Если бы парнишка слышал их разговоры, он наверняка потерял бы интерес к этим странным дядькам. Они без умолку тарахтели, как девчонки. Только и слышно было: «А помнишь?», «А ты помнишь?», «А помнишь?». Этой магической фразой они перебрасывались, точно мячиком.

— А помнишь, как химичка пришла в одном чулке? — восклицал подполковник, и все махали руками, давясь от смеха.

— А помните, Алька на пари съел четырнадцать котлет?! А последней, пятнадцатой, не сдюжил! — перебивал кто-то.

Хохот.

— А помнишь, директор любил дергать себя за бороду? Я его недавно встретил. Все еще дергает!

Снова хохот.

И так без конца.

Вспоминали о многом, но больше всего о каком-то Альке. И как он подложил свинью вредной «русачке»: переписал статью Писарева, выдал ее за свое домашнее сочинение, и учительница, не разобравшись, влепила двойку великому критику. И как этот Алька смазал вазелином страницу в классном журнале, и химичка никак не могла выставить отметки за контрольную, а было девять двоек. И как Алька научил своего пса вытирать нос платком…
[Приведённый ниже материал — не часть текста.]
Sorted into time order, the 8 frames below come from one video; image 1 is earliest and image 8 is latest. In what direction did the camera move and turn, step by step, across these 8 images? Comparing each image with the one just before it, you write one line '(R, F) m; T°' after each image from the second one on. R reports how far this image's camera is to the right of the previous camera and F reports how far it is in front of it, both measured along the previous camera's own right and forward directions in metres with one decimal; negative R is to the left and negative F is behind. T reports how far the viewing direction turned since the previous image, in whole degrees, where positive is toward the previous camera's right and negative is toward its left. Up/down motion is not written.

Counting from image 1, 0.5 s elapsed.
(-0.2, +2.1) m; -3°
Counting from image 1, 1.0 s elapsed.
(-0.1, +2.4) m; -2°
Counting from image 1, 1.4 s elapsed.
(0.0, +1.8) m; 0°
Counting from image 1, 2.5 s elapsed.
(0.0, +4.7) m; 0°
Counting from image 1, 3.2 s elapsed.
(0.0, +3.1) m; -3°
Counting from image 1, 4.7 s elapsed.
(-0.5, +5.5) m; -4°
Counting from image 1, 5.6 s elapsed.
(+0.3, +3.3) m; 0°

Смех и разговоры, однако, не мешали мужчинам копать. То и дело кто-нибудь нетерпеливо заглядывал в яму.

— Все еще нет?

Подполковник, покачивая своей львиной головой, обошел вокруг тополей, задумчиво прищурился:

— А может, левее надо?..

— Нет, я точно помню, туточка! — воскликнул другой, высокий, в спортивной куртке.

Наконец лопата со скрежетом шаркнула по чему-то. Все насторожились.
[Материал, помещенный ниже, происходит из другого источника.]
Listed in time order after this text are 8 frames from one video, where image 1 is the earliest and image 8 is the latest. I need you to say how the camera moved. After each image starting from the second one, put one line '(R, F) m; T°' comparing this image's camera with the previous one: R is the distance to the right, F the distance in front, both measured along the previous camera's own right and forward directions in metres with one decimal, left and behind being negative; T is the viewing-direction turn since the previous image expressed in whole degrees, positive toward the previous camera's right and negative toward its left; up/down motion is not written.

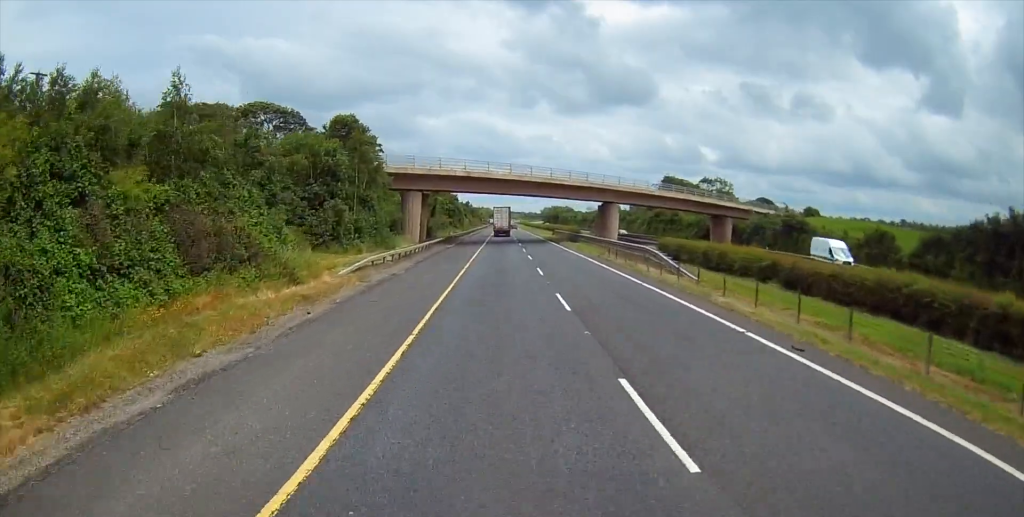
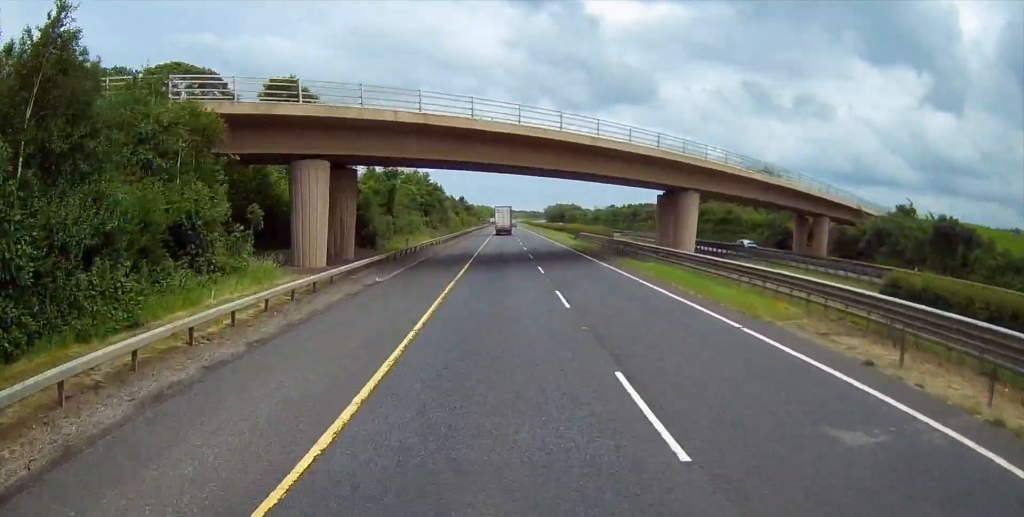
(0.0, +35.8) m; +1°
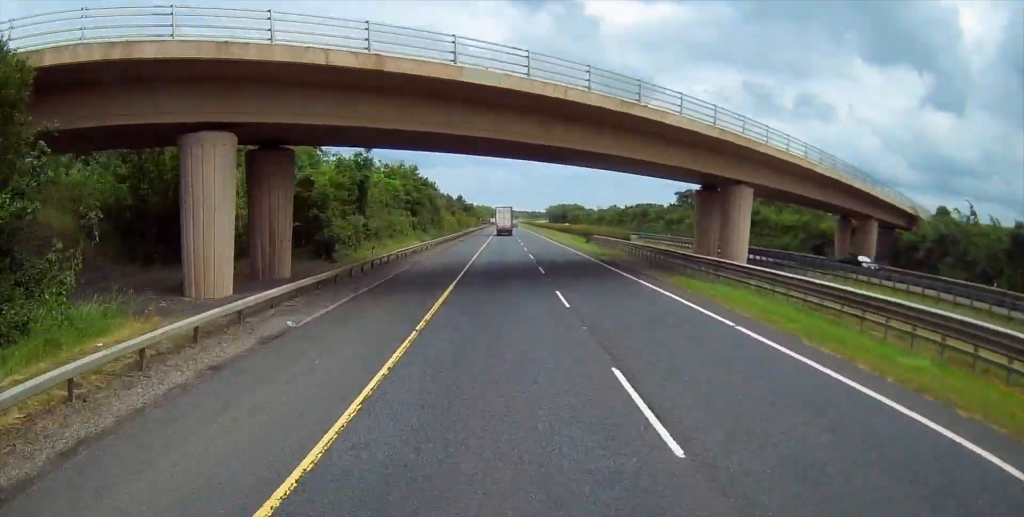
(+0.3, +11.6) m; 0°
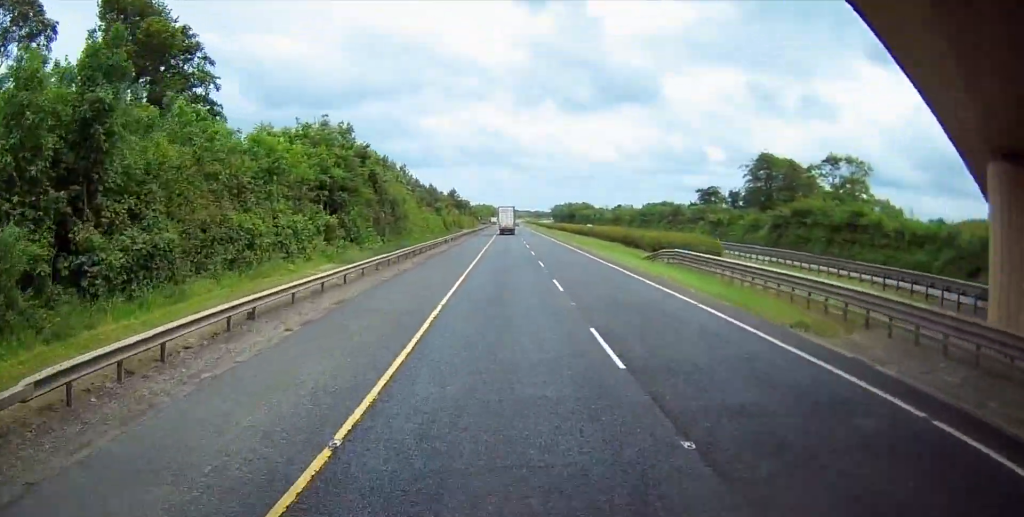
(-0.5, +31.6) m; -1°
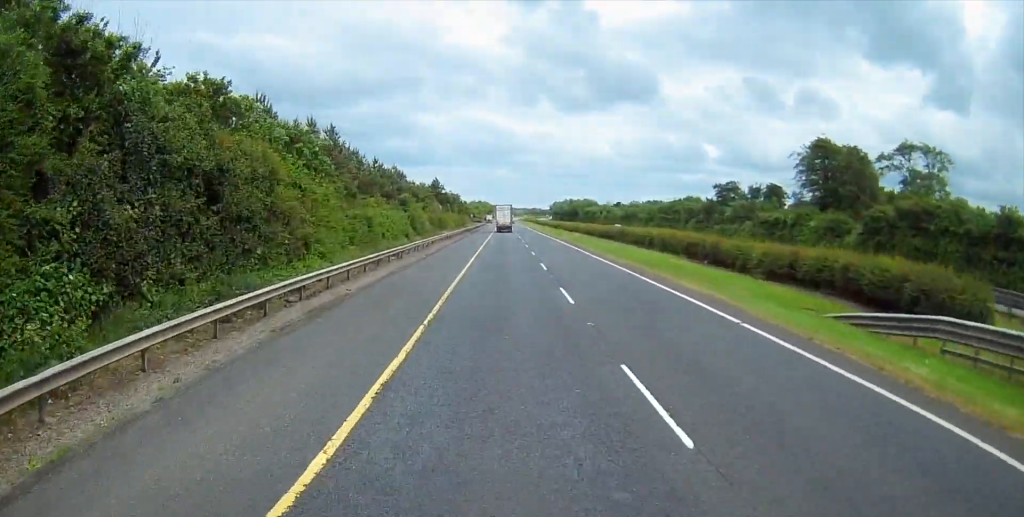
(+0.3, +27.6) m; +1°
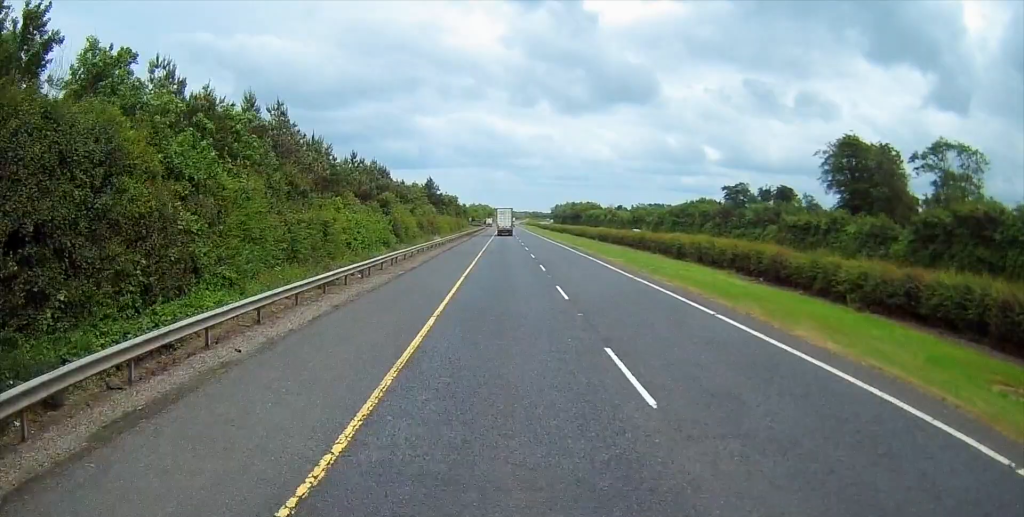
(+0.2, +9.9) m; 0°
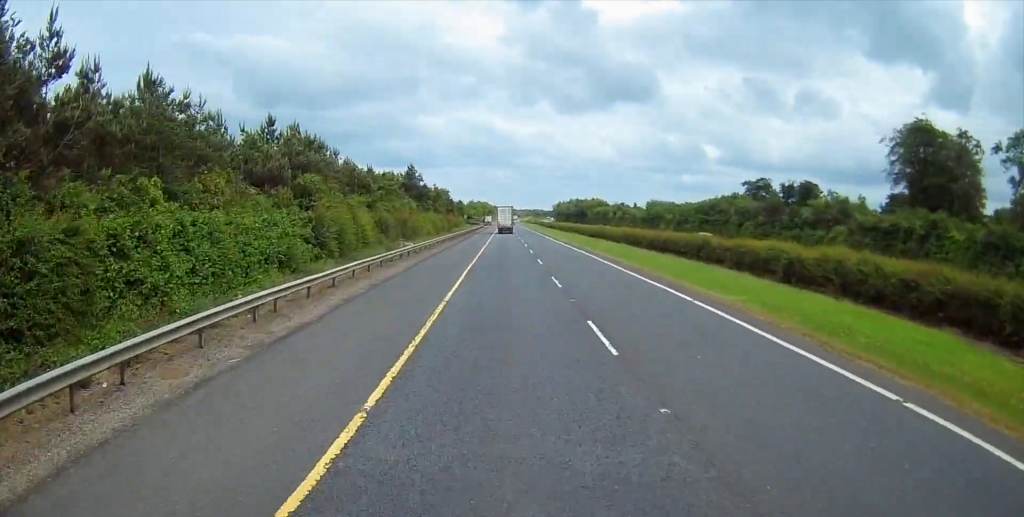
(-0.1, +20.7) m; -1°
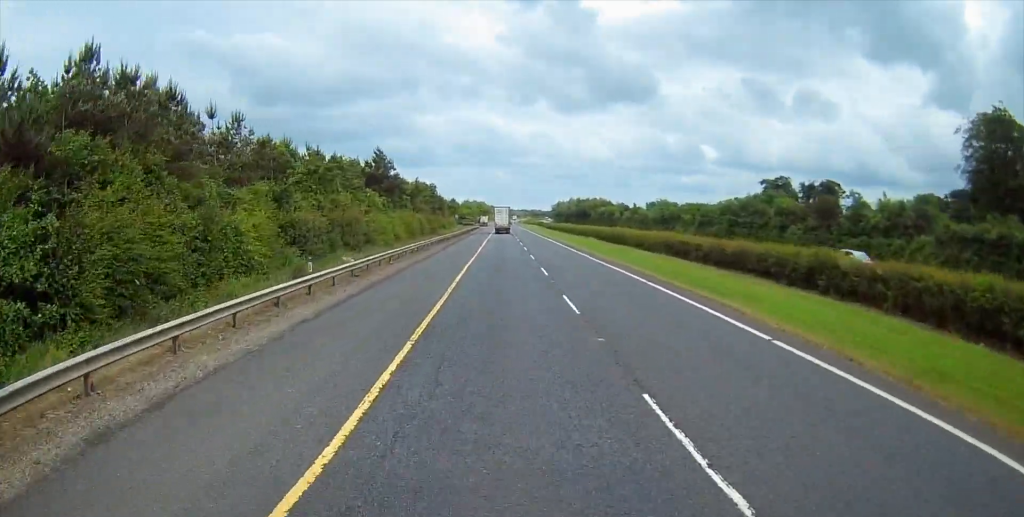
(-0.2, +18.5) m; 0°

Дядька в спортивной куртке — друзья звали его Туточкой — спрыгнул в яму, сразу выпачкав свои щегольские остроносые туфли, прямо руками разгреб землю и передал товарищам металлическую коробку, проржавевшую, покрытую плесенью, глиной и обмотанную проволокой. Приглядевшись, можно было увидеть на жестяной крышке полустертые вензеля, пухлое «конфетное» личико девочки и крупную надпись по-немецки — «вафли».
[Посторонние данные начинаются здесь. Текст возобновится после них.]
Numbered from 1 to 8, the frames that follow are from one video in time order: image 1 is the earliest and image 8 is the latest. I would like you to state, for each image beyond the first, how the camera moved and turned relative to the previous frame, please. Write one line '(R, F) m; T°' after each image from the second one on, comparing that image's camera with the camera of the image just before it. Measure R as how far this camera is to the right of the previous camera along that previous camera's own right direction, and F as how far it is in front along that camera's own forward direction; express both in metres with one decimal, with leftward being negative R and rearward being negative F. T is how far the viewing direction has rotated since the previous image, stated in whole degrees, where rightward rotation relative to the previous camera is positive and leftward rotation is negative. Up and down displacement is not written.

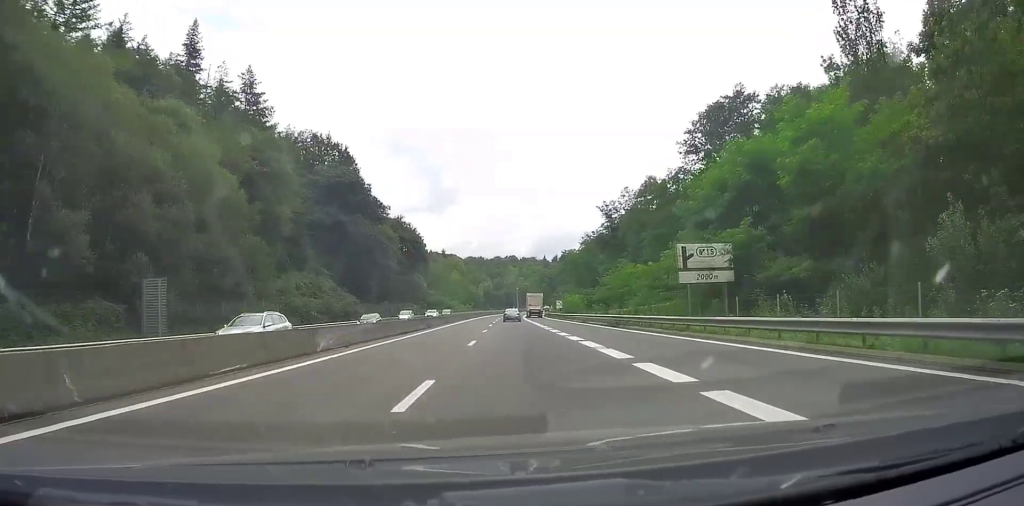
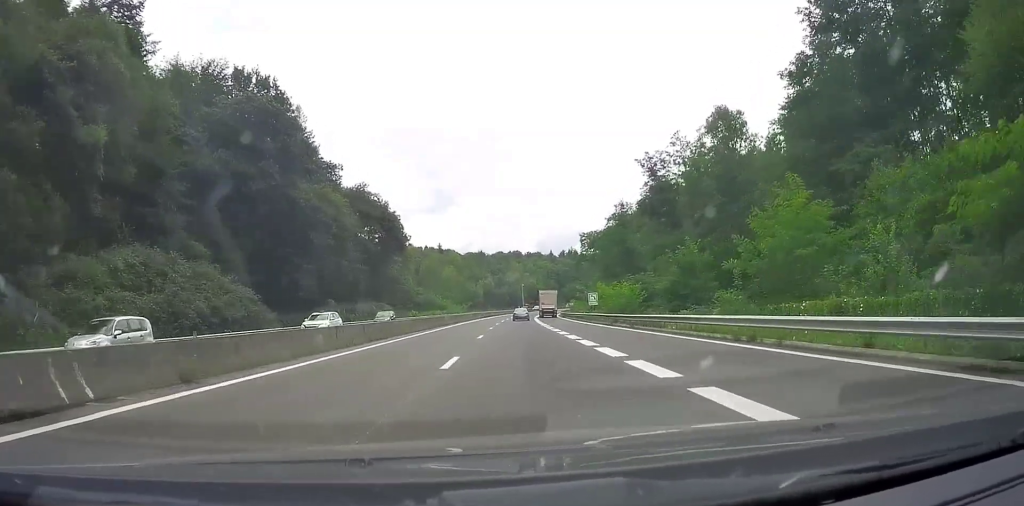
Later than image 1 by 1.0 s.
(-0.1, +34.3) m; 0°
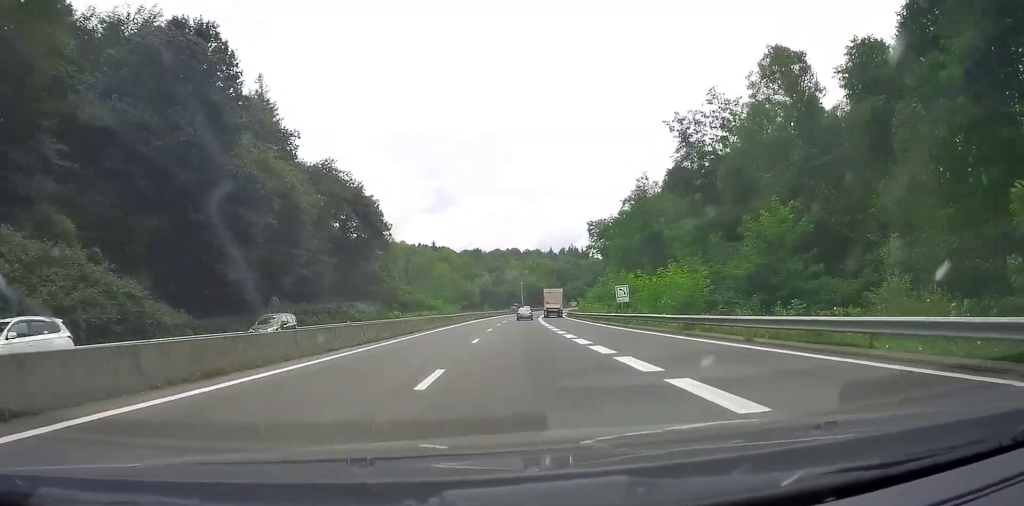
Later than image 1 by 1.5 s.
(+0.1, +16.3) m; 0°
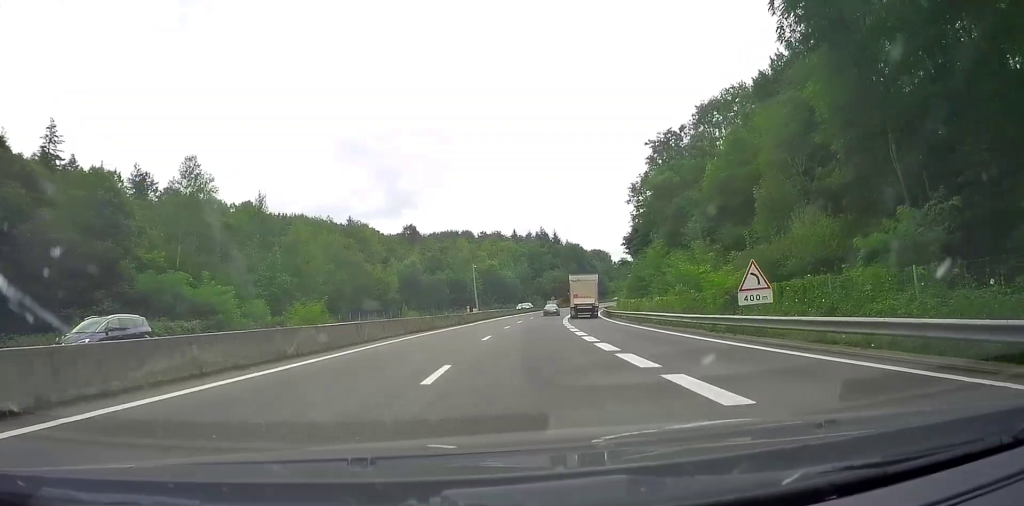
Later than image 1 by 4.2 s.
(+1.4, +89.6) m; +4°
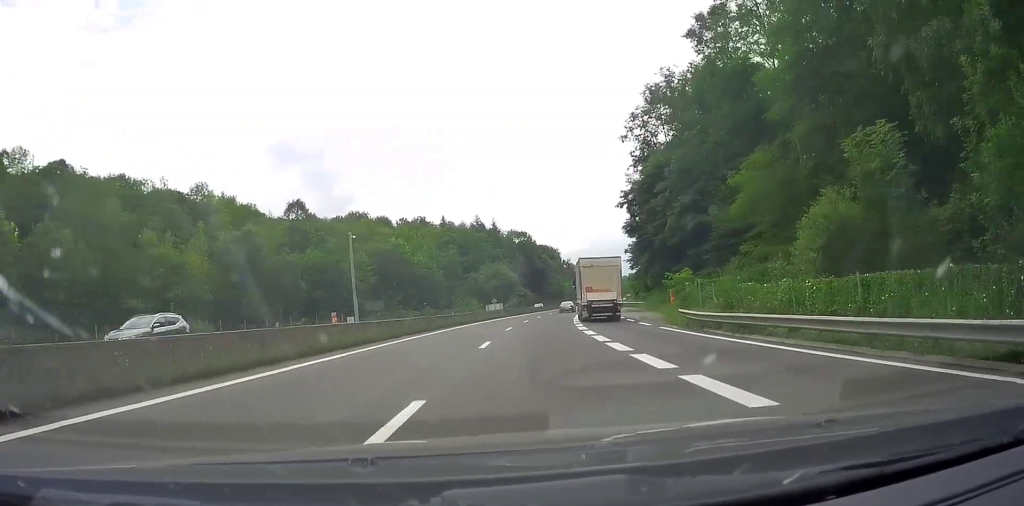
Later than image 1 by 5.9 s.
(+2.9, +56.3) m; +6°
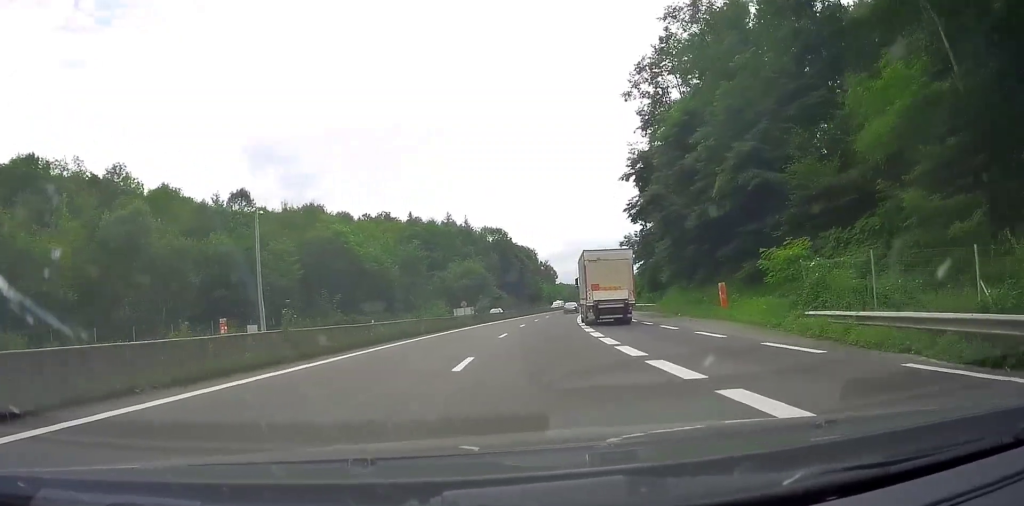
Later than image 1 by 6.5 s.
(+0.2, +19.0) m; +2°
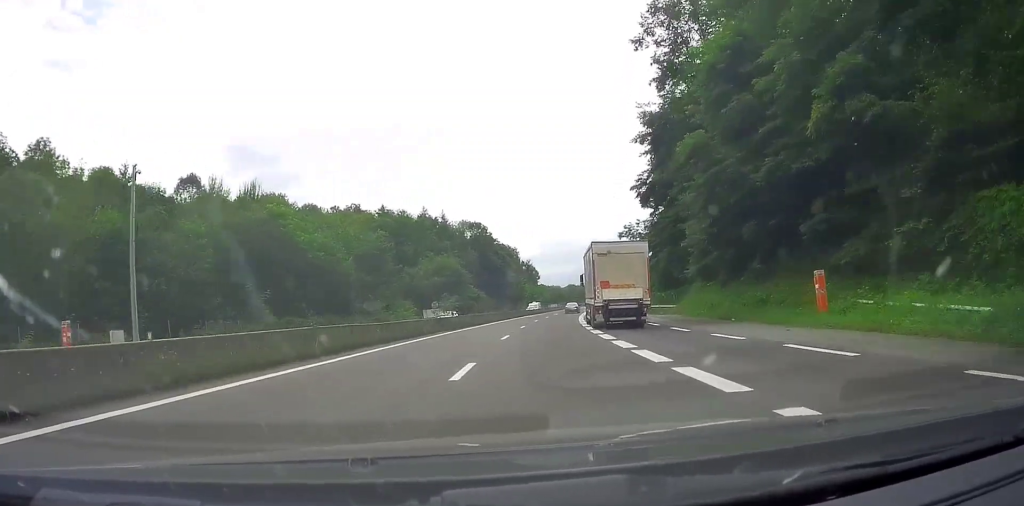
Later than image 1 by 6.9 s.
(+0.5, +14.5) m; +2°
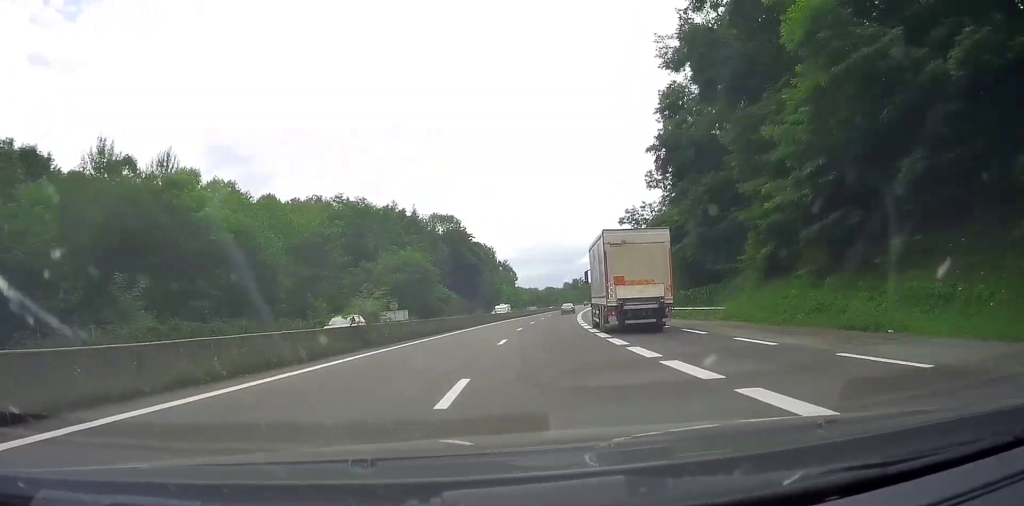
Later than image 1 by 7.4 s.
(+0.1, +15.6) m; +2°

— А помните?.. — задумчиво скатал подполковник, разглядывая блеклую картинку на коробке. — Помните как умучились, пока раздобыли этот «сейф»? Хорошо, Алька у своей тетки тайком конфисковал…

— А тетка потом целую ночь не спала, — смеясь, добавил Туточка. Думала, воры завелись…

Подполковник размотал проволоку, снял крышку, внутри оказалась пачка бумаг, перевязанная шпагатом, завернутая в сырую, бурую с прозеленью клеенку.

— Ну! — нетерпеливо воскликнул Туточка. — Читай!

— Подожди, — вмешался другой мужчина, низенький, полный, с простым круглым лицом.

Видно было, что его прямо-таки распирают нахлынувшие чувства. Он готов был, кажется, обнять всех и то и дело, кстати и некстати, растроганно восклицал: «Ах, ребята! Как чудно-то! Снова вместе!» И тогда Туточка подмигивал товарищам: «Опять Венька-лирик в сентименты ударился!»

Венька был смешной: низенький, лопоухий. На курносом, добродушном лице его странно выглядели массивные солидные очки. В школе он отличался невероятной честностью. Никак, ну ни за что, не мог соврать. Даже в мелочи. Даже когда вранье было безобидным и от него выходила всем лишь одна польза. Сперва ребята за это издевались над ним, потом стали уважать.

— Подожди читать, — сказал Венька. — Нас ведь тут восемь. Так? А как быть с остальными? Читать ли их? Ведь было-то двадцать три… Так?

И всем сразу вспомнилось то давнишнее, такое же ясное, солнечное июльское утро. Так же толпились они — совсем еще мальчишки — тут, на берегу, над обрывом. И так же копали ямы. Только тополей этих, могучих, сильных тополей тогда не было. Девчонки осторожно держали в руках три тоненьких прутика, держали так деликатно, будто боялись, что они вот сейчас переломятся от малейшего ветерка.